Я с вами согласен, у меня тоже разные чувства. Я не думаю, что настоящая литература рождается прямо сейчас. Я думаю, она родится как раз после…

Чуть позже, да?

…того, как война закончится. Если мы проведем какие-то параллели с тем же 812 годом, да, то золотой век русской поэзии — он был как раз, вот, те люди, которые написали «золотую» русскую литературу, им во время Великой Отечественной войны 812 года, тому же Пушкину и всем остальным, по сколько было — по 12–14 лет. Может, чуть больше. Они были подростками. Но они впитывали в себя эту реальность и потом ее воплотили в тех произведениях, которые являются сокровищницей мировой литературы. Я уверен, что это будет, что это неизбежно. Потому что тот опыт экзистенциальный, который мы получили на этой войне, уже получили, потому что, ну, ничего подобного не было никогда — такого уровня беспомощности перед техникой… Ведь то, что сейчас происходит, тот разлом — это вот нечто большее, чем изобретение пороха. Мы уже где-то находимся, в фантастических фильмах вроде «Терминатора», как бы нам ни казалось это странным сейчас, но мы реально уже воюем с роботами. Потому что те самые FPV-дроны, про которые, да, там все говорят в новостях, это же, если задуматься, я ощущал это просто на себе, уровень этой беспомощности перед техникой, перед роботом. Потому что когда просто артиллерия работает, механика когда работает, у тебя есть все равно какие-то алгоритмы поведения, которые могут снизить риски, повысить твои шансы на выживаемость. То есть ты понимаешь: если стреляет «Град» — у тебя есть такое-то количество секунд, чтобы спрыгнуть куда-нибудь в укрытие или что-то. Есть алгоритм поведения.

Да, поведения.

Если есть стрелковый бой, ты знаешь, что ты можешь уйти за стену. То в случае сейчас с FPV нету ни одного алгоритма, понятного для человека, который бы мог тебя от этого спасти. И уровень самоотречения внутреннего — он колоссальный. И момент застывания еще очень важный, потому что у тебя есть несколько секунд, чтобы ты успел это осознать. У меня была история, когда мы с оператором лежали, ну, он, точнее, у меня оператор вообще отмороженно храбрый, тот просто нигде не пригибается, Паша Чуприна, донецкий мой друг, почетный донор ДНР, к слову. И я лежал в воронке, как раз был обстрел польским минометом. И он сидел рядом. И над нами завис коптер, который сбрасывает взрывное устройство. И я там тысячи видео таких посмотрел. И ничего ты с этим сделать не можешь. То есть ты лежишь, он над тобой… ты вправо дернешься — ну, он чуть-чуть отлетит вправо, влево дернешься — он чуть-чуть отлетит влево. В общем, вот этот момент и осознание своей беспомощности перед техникой — он еще и во времени растянут. У тебя есть время осознать, что вот сейчас тебя просто может не стать. И это повсеместно сейчас на войне. И те люди, которые через это проходят, те будущие писатели, которые рождаются в СВО, мне кажется, они напишут великие книги, это просто неизбежно. Такова логика истории и такова логика событий.

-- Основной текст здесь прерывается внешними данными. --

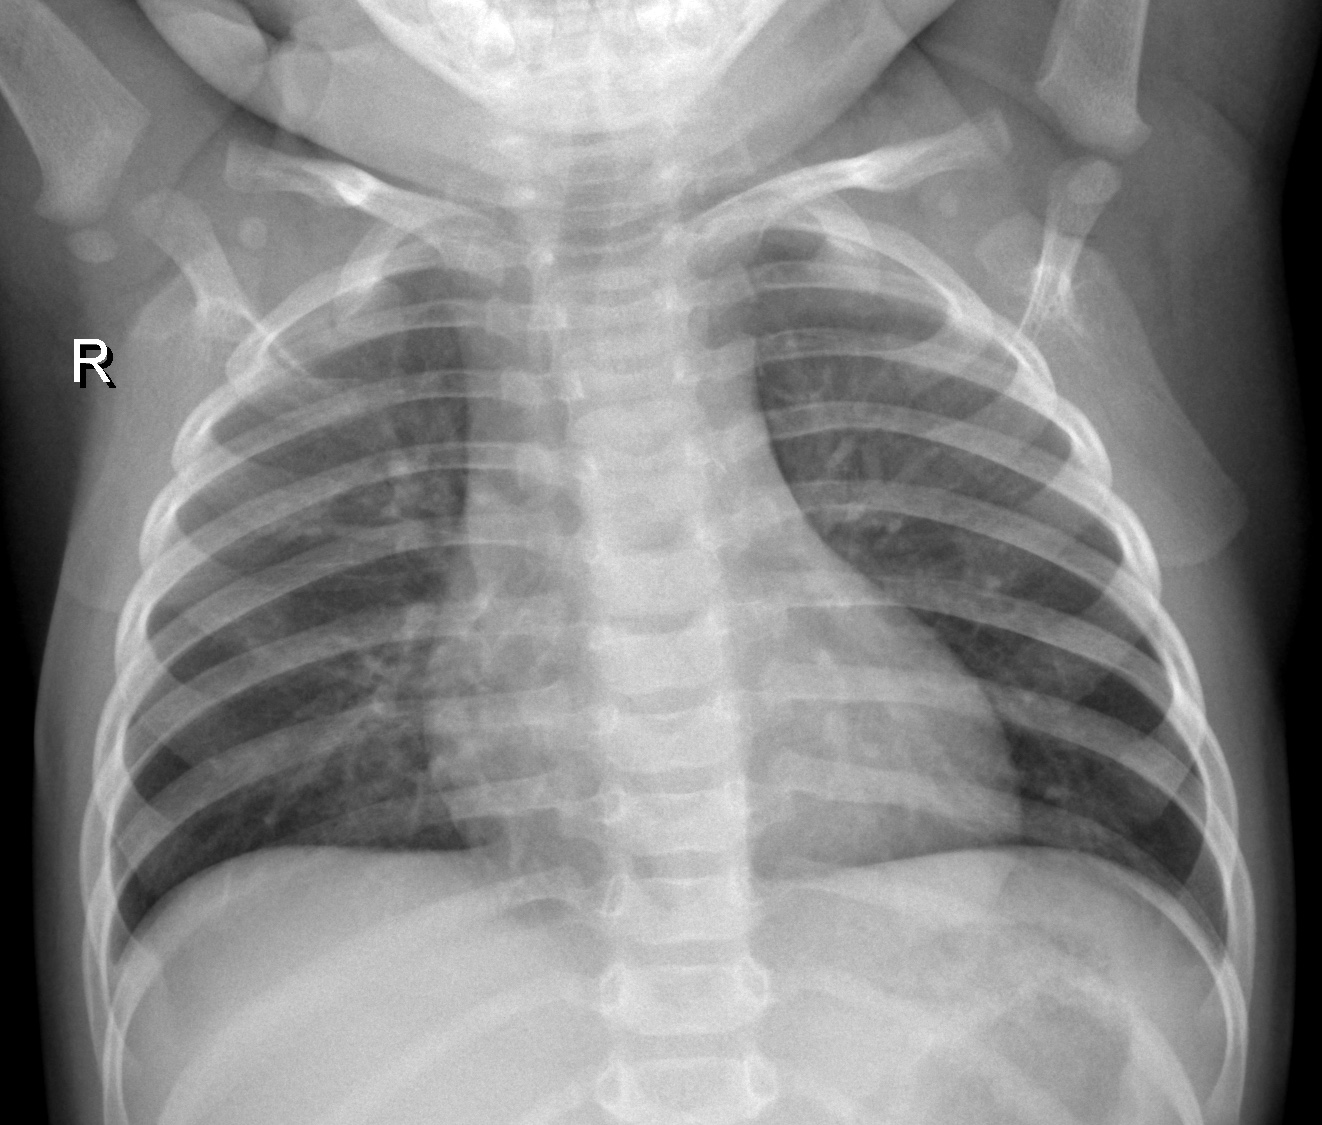
Diagnosis: NORMAL
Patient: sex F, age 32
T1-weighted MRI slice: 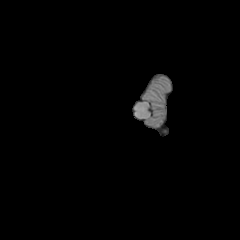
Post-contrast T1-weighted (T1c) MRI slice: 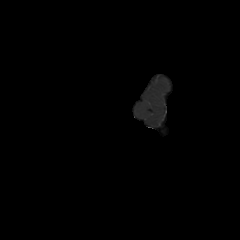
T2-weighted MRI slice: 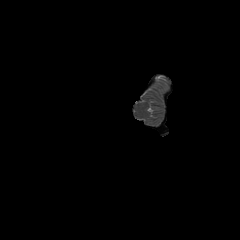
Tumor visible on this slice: no
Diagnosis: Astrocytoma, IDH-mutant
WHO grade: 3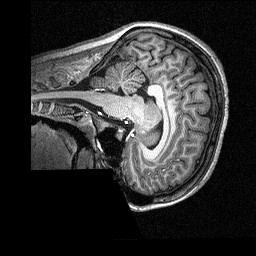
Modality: T1w
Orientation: sagittal

А если вернуться вот к тем, кто уже написал великие книги, и это имя уже прозвучало — Пушкин. Ваш Пушкин — это какой Пушкин?

Мой Пушкин – это «Капитанская дочка», например. «Мчатся тучи, вьются тучи» — это мой Пушкин.

А что для вас «Капитанская дочка»?

Ну, да это классная история про обычного русского парня. Как — даже про «мажора». Вот это мне вообще очень близко. Я, честно говоря, вот задумываю тоже написать нечто подобное, потому что я видел, ну, подобное, с точки зрения формулы, скажем, фабулы.

Мы сейчас выдадим новость, да: ждите «Капитанскую дочку — 2».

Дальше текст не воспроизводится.